Lessons from George Bonaci

9/27/2025, 12:00:00 AM

George Bonaci is the VP of Growth & Demand at Ramp.

Philosophy: Growth as Science

  • Growth = Science: Playbooks rarely transfer 1:1. Start with a blank slate — form a hypothesis → run experiments. Most marketers apply what they already know; real growth is discovering what works for your company.
  • Mindset: Think like a scientist — experimental design, measurement, and rigor.
  • Velocity > Perfection: Bias toward running more experiments faster vs. perfecting one.
    • The tradeoff: A scrappy experiment that 3x's a conversion rate to hit the quarter is fine. Later, tighten rigor to understand causality. Velocity and rigor are dials based on time horizon.

Portfolio Approach

  • Treat growth like a VC portfolio with intentional allocation.
    • Long‑term (big swings): High‑risk, high‑reward — step‑changes. Most will fail.
    • Short‑term (incremental): Higher‑confidence 2–5% gains that help you hit this quarter.
  • When a bet works → push to saturation: Don't just 2–3x spend. Scale the channel quickly to its asymptote and find where the response curve decays. Most teams scale winners too slowly.

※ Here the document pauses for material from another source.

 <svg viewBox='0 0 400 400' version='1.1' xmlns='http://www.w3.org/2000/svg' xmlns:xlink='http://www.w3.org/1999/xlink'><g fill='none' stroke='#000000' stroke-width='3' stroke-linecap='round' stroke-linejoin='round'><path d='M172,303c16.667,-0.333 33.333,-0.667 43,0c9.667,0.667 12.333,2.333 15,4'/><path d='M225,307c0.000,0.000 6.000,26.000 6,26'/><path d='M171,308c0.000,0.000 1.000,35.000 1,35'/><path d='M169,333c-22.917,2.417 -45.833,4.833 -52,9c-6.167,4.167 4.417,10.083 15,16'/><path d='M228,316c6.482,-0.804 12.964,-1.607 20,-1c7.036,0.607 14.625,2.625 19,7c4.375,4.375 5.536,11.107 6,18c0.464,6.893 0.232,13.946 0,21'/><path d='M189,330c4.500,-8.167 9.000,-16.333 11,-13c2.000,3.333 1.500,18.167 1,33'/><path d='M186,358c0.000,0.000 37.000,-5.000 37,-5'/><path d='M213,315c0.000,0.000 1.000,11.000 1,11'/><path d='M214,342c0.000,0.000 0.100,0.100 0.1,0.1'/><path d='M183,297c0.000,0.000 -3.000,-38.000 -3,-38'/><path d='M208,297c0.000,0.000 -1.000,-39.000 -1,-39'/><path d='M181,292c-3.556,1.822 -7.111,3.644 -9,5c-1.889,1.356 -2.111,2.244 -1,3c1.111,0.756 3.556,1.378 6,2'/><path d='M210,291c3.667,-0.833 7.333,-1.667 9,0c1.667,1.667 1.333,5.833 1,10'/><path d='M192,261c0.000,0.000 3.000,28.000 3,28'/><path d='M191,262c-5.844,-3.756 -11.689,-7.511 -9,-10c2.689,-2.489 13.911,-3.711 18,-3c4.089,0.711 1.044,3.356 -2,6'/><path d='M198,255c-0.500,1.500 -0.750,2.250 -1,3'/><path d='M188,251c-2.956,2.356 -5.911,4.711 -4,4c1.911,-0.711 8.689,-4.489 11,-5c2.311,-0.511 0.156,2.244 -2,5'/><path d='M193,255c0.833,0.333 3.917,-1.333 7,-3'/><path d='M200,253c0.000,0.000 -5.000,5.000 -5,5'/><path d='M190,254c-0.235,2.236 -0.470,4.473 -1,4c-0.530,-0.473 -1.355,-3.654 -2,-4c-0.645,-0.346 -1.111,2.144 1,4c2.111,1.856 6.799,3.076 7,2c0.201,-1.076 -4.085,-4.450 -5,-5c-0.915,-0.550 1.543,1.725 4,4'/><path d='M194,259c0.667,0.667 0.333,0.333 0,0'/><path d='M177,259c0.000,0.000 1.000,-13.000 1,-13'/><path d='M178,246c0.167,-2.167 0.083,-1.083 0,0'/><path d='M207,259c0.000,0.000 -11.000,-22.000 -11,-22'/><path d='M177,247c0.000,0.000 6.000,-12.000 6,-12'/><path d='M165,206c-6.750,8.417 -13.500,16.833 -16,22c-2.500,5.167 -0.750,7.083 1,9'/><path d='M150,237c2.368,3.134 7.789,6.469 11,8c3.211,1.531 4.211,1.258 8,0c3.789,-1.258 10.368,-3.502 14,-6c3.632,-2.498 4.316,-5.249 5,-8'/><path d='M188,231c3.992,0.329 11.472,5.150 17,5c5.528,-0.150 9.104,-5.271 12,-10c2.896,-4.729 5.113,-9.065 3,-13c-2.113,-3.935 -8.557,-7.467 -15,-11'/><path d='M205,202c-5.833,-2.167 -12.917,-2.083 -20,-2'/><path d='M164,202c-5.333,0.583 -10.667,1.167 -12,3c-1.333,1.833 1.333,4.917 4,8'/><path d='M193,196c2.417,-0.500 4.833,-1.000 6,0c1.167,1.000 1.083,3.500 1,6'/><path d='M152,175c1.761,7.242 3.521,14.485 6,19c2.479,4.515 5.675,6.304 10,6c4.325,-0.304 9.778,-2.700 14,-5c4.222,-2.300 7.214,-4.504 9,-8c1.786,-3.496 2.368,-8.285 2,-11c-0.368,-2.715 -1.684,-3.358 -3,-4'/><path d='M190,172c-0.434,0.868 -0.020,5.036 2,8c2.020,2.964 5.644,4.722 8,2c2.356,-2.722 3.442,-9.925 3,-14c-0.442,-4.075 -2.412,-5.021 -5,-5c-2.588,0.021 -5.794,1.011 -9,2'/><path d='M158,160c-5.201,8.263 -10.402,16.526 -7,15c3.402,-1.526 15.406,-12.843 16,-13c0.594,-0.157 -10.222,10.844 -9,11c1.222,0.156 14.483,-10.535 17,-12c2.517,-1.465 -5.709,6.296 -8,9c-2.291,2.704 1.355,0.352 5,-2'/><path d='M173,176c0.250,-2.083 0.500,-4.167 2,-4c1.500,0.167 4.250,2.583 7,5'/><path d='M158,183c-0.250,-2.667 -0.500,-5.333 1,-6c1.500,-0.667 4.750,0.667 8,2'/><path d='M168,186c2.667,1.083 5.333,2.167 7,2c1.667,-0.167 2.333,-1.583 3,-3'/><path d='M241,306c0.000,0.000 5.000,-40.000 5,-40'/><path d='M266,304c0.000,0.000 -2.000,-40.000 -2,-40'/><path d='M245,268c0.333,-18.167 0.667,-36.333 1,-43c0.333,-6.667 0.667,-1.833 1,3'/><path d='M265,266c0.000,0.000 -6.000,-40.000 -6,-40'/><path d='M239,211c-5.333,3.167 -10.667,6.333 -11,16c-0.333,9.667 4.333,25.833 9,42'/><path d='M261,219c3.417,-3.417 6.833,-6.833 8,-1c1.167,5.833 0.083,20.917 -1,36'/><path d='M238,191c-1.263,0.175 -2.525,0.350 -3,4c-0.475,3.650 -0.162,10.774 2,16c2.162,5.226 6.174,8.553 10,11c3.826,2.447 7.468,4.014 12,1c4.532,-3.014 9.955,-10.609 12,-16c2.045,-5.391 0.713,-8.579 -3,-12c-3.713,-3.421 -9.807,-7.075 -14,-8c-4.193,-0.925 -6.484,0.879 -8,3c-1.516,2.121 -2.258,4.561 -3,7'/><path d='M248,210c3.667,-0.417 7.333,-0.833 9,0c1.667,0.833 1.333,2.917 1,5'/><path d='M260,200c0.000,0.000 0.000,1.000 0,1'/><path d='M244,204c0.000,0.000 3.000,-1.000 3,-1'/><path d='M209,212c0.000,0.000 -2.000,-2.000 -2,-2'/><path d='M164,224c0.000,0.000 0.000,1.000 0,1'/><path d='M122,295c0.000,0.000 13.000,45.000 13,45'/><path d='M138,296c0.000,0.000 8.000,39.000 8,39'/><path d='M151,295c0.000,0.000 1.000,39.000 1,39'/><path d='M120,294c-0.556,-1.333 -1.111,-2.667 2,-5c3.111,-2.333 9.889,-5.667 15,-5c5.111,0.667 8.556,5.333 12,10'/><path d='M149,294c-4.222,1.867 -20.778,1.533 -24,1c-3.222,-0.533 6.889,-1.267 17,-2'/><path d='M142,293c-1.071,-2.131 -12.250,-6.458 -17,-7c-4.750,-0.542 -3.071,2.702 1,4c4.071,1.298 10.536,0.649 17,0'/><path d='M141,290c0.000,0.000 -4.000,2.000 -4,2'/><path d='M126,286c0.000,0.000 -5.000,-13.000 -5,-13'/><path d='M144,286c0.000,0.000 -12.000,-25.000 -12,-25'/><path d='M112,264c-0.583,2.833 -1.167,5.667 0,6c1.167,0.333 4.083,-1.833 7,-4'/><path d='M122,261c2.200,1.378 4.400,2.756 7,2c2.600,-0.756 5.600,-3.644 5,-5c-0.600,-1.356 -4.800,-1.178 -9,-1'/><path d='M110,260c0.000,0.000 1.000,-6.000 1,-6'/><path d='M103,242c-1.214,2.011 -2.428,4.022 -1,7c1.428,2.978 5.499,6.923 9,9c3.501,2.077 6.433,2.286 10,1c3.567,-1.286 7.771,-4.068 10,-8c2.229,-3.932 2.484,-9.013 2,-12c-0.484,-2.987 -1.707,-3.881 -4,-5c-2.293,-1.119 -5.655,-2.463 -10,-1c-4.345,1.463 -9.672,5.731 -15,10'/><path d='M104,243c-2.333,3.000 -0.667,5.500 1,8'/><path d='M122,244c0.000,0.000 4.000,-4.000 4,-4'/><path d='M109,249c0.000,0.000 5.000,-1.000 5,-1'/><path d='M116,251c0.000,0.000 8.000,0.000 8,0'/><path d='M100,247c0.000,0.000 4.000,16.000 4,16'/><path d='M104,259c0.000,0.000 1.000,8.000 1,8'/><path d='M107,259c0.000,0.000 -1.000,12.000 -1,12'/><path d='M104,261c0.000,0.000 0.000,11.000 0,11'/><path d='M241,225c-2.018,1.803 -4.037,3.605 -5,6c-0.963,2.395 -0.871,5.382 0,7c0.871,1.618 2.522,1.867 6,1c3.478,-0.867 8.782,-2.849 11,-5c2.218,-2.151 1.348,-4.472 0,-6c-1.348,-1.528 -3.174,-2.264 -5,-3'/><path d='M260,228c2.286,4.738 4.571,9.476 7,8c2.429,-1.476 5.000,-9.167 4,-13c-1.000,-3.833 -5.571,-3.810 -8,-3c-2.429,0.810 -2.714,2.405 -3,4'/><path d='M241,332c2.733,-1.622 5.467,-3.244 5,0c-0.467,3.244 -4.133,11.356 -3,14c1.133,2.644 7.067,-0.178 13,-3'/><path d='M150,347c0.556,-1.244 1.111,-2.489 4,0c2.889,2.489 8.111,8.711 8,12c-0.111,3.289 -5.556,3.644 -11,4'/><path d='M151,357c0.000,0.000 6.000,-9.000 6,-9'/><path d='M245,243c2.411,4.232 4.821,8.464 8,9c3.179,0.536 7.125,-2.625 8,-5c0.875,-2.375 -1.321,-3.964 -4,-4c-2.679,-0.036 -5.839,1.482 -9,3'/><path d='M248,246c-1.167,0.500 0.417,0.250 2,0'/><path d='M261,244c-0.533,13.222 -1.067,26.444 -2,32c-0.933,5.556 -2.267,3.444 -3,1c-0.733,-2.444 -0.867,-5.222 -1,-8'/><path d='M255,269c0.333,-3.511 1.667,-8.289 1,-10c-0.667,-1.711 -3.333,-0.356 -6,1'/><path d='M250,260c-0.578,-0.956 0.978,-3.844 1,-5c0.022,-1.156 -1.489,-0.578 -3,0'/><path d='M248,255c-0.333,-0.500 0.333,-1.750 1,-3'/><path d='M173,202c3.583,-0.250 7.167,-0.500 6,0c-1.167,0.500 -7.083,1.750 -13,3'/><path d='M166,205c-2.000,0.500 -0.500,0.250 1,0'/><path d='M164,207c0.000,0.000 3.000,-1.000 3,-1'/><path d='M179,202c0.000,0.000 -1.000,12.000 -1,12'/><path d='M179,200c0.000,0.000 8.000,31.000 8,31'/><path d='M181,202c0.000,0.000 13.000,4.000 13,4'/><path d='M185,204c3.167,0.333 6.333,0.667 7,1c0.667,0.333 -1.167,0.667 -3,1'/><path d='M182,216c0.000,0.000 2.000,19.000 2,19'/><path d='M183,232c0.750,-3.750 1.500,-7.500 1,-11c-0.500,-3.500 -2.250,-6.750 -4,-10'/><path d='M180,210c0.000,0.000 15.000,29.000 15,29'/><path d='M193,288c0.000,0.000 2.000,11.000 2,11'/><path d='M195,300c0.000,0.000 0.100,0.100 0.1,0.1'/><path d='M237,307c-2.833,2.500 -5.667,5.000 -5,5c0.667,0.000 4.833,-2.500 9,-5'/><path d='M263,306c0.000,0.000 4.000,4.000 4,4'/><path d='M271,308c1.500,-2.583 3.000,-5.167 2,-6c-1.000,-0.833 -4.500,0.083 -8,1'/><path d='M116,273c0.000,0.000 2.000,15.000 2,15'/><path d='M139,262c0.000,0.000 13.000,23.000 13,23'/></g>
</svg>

Diminishing-returns response curve for media investment → incremental sales.

  • Finding Alpha: Iterate + Experiment

    1. Do what's new: Be early where the channel is under‑priced or novel (e.g., first B2B brand on TikTok).
    2. Do what's contrarian: Try what "shouldn't" work (e.g., Direct Mail becoming a major channel).

Mental Models

  • Pre‑mortems & Post‑mortems
    • The value of a post‑mortem depends on the quality of the pre‑mortem.
    • Pre‑mortem: Part of initial design — enumerate not just 3–4 big risks but the many small failure modes; assign probabilities.
    • The real learning = unpredicted failures: When something fails for a reason you didn't anticipate, it reveals a flawed assumption in your model of the world.
      • Predicted failures mostly confirm existing beliefs; limited learning.
      • Investigate the surprise, update the model, and generalize the lesson across future experiments.
    • Key post‑mortem question: "Did we learn something we can generalize to other parts of the business?"